Exercise - From the entries that follow, copy exactly the lines beginning at the line holding "What can be seen at (538, 416)?" and continuing through the line holding "[3.531,-5.599,28.494,1.442,3.048,0.663,-4,21,-11]".

Saved entries:
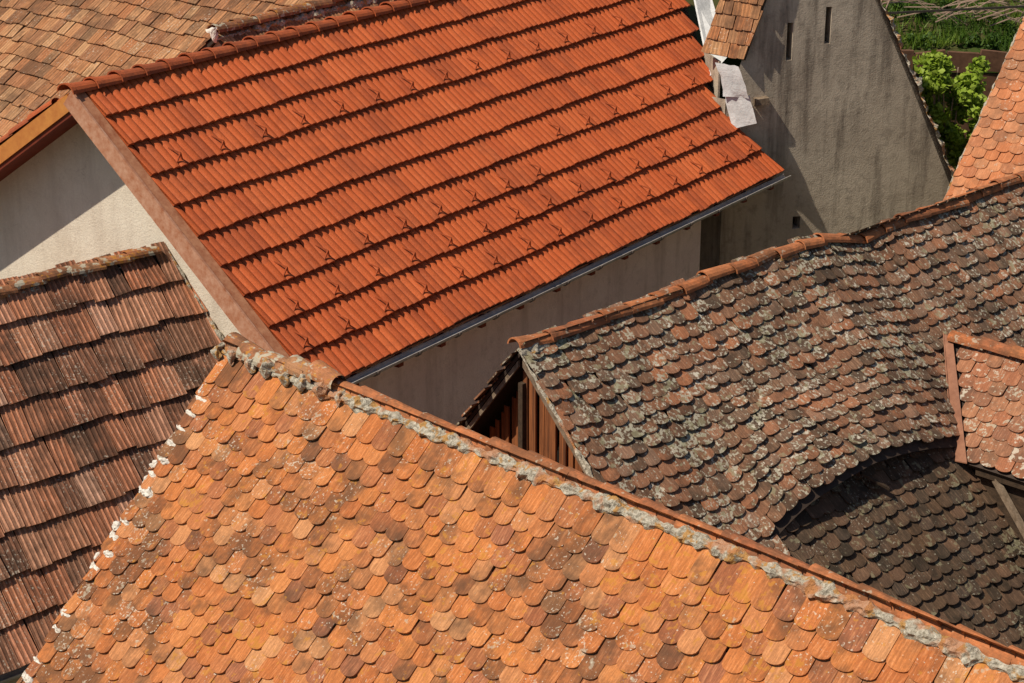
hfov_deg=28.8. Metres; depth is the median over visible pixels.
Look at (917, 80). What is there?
roof edge
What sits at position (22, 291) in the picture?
ridge mortar
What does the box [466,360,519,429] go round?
barge board
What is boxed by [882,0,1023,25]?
dry brambles
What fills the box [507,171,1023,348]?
ridge tiles
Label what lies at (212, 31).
ridge end mortar
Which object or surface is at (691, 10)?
ground
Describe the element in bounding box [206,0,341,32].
ridge tiles
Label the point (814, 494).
roof boarding
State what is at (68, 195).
gable wall
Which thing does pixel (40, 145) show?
verge soffit
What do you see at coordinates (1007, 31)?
grass
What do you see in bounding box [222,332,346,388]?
ridge start tiles
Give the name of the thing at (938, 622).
roof tiles
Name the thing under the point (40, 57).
roof tiles
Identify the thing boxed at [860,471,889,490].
loose board
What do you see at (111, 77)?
ridge tiles
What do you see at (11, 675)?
eave gutter
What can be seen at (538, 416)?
gable backing
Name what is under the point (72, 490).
roof tiles
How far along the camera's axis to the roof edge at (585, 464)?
16.96 m
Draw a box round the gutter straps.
[367,182,773,376]
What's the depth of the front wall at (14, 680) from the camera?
20.04 m
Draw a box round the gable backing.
[510,399,576,466]
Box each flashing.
[76,92,288,357]
[694,0,726,74]
[715,62,748,98]
[725,95,756,127]
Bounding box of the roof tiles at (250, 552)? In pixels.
[16,382,935,682]
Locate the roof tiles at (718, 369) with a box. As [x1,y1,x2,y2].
[517,171,1023,555]
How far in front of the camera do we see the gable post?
17.43 m
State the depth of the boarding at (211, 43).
24.97 m
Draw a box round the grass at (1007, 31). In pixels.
[882,0,1023,49]
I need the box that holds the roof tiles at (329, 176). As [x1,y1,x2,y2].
[85,0,784,377]
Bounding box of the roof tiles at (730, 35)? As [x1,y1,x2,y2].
[701,0,764,58]
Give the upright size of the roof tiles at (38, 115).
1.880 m
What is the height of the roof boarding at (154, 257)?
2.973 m
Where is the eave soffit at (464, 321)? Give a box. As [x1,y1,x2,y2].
[345,176,773,377]
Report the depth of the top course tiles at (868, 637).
14.06 m
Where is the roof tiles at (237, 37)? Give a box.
[217,0,396,42]
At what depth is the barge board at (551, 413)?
17.07 m
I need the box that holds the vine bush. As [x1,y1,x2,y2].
[912,49,990,174]
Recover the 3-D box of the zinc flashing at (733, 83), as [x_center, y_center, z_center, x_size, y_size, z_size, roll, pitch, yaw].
[3.173,-3.760,28.715,0.541,0.484,0.063,10,23,24]
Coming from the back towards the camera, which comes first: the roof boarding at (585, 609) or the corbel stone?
the corbel stone
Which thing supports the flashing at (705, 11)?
attached to the roof boarding at (708, 86)
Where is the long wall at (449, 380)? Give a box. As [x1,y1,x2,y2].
[357,213,700,424]
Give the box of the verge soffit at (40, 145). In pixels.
[0,116,77,180]
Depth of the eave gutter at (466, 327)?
24.57 m
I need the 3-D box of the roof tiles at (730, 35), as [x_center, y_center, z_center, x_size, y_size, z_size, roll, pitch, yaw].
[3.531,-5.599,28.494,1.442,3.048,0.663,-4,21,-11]
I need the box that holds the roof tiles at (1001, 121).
[943,17,1023,200]
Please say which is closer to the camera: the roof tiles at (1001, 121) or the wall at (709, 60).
the roof tiles at (1001, 121)
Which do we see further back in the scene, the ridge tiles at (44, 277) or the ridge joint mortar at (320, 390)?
the ridge tiles at (44, 277)
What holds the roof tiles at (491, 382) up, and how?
on the roof boarding at (493, 411)
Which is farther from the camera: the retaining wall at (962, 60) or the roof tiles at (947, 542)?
the retaining wall at (962, 60)
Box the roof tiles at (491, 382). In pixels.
[456,177,1019,425]
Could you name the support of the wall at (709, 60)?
on the ground at (691, 10)
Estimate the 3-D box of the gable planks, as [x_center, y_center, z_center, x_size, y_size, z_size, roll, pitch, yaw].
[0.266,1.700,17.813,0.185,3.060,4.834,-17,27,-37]
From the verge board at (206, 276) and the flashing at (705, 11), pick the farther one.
the flashing at (705, 11)
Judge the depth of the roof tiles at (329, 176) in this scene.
24.56 m
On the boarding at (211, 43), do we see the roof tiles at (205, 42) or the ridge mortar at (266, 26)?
the roof tiles at (205, 42)
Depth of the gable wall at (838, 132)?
29.50 m
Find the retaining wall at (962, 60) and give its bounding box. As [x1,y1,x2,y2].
[901,49,1007,138]
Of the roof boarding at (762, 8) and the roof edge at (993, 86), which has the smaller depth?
the roof edge at (993, 86)
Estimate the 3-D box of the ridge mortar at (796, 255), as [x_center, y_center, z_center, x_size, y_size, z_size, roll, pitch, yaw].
[3.259,-0.945,19.866,8.600,0.200,0.094,-18,28,-39]
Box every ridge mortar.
[0,267,120,301]
[218,0,376,39]
[220,349,1023,681]
[657,198,983,309]
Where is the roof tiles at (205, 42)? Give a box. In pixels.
[194,1,341,51]
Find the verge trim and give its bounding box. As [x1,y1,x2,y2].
[0,112,71,170]
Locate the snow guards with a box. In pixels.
[168,0,751,347]
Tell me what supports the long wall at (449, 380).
on the ground at (691, 10)
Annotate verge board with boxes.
[0,94,68,164]
[64,91,273,350]
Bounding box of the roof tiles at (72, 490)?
[0,241,224,674]
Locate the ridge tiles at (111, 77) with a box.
[57,0,436,94]
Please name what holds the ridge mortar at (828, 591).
on the roof boarding at (585, 609)
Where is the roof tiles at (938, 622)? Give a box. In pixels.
[222,340,1023,655]
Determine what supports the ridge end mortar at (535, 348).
on the roof tiles at (718, 369)
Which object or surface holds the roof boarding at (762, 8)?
attached to the gable wall at (838, 132)
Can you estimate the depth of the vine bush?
31.74 m
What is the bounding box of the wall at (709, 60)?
[702,53,720,97]
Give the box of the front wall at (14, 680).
[6,677,19,682]
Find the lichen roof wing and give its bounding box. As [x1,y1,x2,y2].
[943,330,1023,543]
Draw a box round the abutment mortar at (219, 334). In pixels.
[168,251,223,340]
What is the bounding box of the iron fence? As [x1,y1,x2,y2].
[888,5,1023,13]
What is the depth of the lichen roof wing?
19.22 m
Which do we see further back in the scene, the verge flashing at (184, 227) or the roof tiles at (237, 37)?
the roof tiles at (237, 37)
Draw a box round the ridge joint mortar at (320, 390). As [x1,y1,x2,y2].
[210,342,345,406]
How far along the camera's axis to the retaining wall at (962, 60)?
33.42 m
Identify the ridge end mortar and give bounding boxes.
[206,27,217,42]
[519,343,549,355]
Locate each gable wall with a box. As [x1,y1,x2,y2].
[0,123,239,337]
[719,0,950,264]
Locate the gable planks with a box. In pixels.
[483,370,583,472]
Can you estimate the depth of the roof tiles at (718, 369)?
18.43 m
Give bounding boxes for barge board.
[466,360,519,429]
[522,361,586,474]
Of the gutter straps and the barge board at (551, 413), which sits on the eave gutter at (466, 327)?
the gutter straps
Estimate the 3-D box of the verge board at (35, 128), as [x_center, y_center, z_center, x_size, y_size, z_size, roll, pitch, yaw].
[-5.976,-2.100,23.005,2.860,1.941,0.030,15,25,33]
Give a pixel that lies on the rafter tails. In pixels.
(519, 308)
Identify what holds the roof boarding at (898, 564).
attached to the roof tiles at (718, 369)
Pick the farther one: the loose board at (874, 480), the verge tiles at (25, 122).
the verge tiles at (25, 122)
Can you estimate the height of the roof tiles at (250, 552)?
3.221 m
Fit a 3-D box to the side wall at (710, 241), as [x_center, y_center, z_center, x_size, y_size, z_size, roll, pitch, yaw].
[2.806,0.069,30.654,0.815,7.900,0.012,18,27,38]
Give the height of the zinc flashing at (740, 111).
0.520 m
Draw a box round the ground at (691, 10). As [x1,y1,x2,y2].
[686,0,1023,259]
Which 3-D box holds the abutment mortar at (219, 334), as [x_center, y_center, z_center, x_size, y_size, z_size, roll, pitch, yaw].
[-2.979,0.450,22.323,2.203,2.663,0.079,14,25,33]
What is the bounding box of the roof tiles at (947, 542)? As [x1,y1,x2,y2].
[738,448,1023,649]
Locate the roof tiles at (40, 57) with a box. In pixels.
[0,0,309,137]
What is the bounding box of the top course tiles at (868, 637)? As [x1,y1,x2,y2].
[204,355,1023,682]
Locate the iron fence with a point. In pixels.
(957, 9)
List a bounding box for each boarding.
[0,255,195,652]
[129,369,973,682]
[204,39,217,47]
[259,8,775,373]
[463,235,861,438]
[528,201,1023,537]
[707,0,765,59]
[792,459,1013,605]
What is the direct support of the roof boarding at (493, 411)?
attached to the roof tiles at (718, 369)
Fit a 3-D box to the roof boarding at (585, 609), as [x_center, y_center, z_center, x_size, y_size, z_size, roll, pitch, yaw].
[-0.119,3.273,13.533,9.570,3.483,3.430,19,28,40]
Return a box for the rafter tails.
[346,178,773,385]
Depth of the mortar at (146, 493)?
16.71 m
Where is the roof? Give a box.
[876,0,951,182]
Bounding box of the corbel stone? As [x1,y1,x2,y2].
[753,96,768,105]
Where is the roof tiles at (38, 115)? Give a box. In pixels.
[1,93,69,144]
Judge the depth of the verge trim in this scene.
22.49 m
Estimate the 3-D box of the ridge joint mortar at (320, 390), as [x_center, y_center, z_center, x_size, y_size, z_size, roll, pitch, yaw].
[-1.959,0.245,16.607,1.666,0.185,0.195,19,28,40]
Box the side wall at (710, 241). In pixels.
[699,97,724,270]
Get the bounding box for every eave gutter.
[0,664,29,682]
[346,174,790,384]
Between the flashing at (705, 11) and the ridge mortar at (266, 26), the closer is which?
the ridge mortar at (266, 26)
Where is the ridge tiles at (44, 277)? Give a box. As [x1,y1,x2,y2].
[0,246,161,294]
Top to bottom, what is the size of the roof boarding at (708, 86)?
2.850 m
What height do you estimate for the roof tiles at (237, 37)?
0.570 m
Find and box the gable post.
[518,381,525,449]
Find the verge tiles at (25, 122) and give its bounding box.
[0,98,58,144]
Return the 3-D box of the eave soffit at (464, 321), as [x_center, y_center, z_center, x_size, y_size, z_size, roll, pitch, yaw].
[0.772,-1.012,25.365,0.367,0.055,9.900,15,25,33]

Response -
What can be seen at (538, 416)?
gable backing
Name what is under the point (72, 490).
roof tiles
How far along the camera's axis to the roof edge at (585, 464)?
16.96 m
Draw a box round the gutter straps.
[367,182,773,376]
What's the depth of the front wall at (14, 680) from the camera?
20.04 m
Draw a box round the gable backing.
[510,399,576,466]
Box each flashing.
[76,92,288,357]
[694,0,726,74]
[715,62,748,98]
[725,95,756,127]
Bounding box of the roof tiles at (250, 552)? In pixels.
[16,382,935,682]
Locate the roof tiles at (718, 369) with a box. As [x1,y1,x2,y2].
[517,171,1023,555]
How far in front of the camera do we see the gable post?
17.43 m
State the depth of the boarding at (211, 43).
24.97 m
Draw a box round the grass at (1007, 31). In pixels.
[882,0,1023,49]
I need the box that holds the roof tiles at (329, 176). As [x1,y1,x2,y2].
[85,0,784,377]
Bounding box of the roof tiles at (730, 35)? As [x1,y1,x2,y2].
[701,0,764,58]
Give the upright size of the roof tiles at (38, 115).
1.880 m
What is the height of the roof boarding at (154, 257)?
2.973 m
Where is the eave soffit at (464, 321)? Give a box. As [x1,y1,x2,y2].
[345,176,773,377]
Report the depth of the top course tiles at (868, 637).
14.06 m
Where is the roof tiles at (237, 37)? Give a box.
[217,0,396,42]
At what depth is the barge board at (551, 413)?
17.07 m
I need the box that holds the vine bush. As [x1,y1,x2,y2].
[912,49,990,174]
Recover the 3-D box of the zinc flashing at (733, 83), as [x_center, y_center, z_center, x_size, y_size, z_size, roll, pitch, yaw].
[3.173,-3.760,28.715,0.541,0.484,0.063,10,23,24]
Coming from the back towards the camera, which comes first: the roof boarding at (585, 609) or the corbel stone?
the corbel stone
Which thing supports the flashing at (705, 11)?
attached to the roof boarding at (708, 86)
Where is the long wall at (449, 380)? Give a box. As [x1,y1,x2,y2].
[357,213,700,424]
Give the box of the verge soffit at (40, 145). In pixels.
[0,116,77,180]
Depth of the eave gutter at (466, 327)?
24.57 m
I need the 3-D box of the roof tiles at (730, 35), as [x_center, y_center, z_center, x_size, y_size, z_size, roll, pitch, yaw].
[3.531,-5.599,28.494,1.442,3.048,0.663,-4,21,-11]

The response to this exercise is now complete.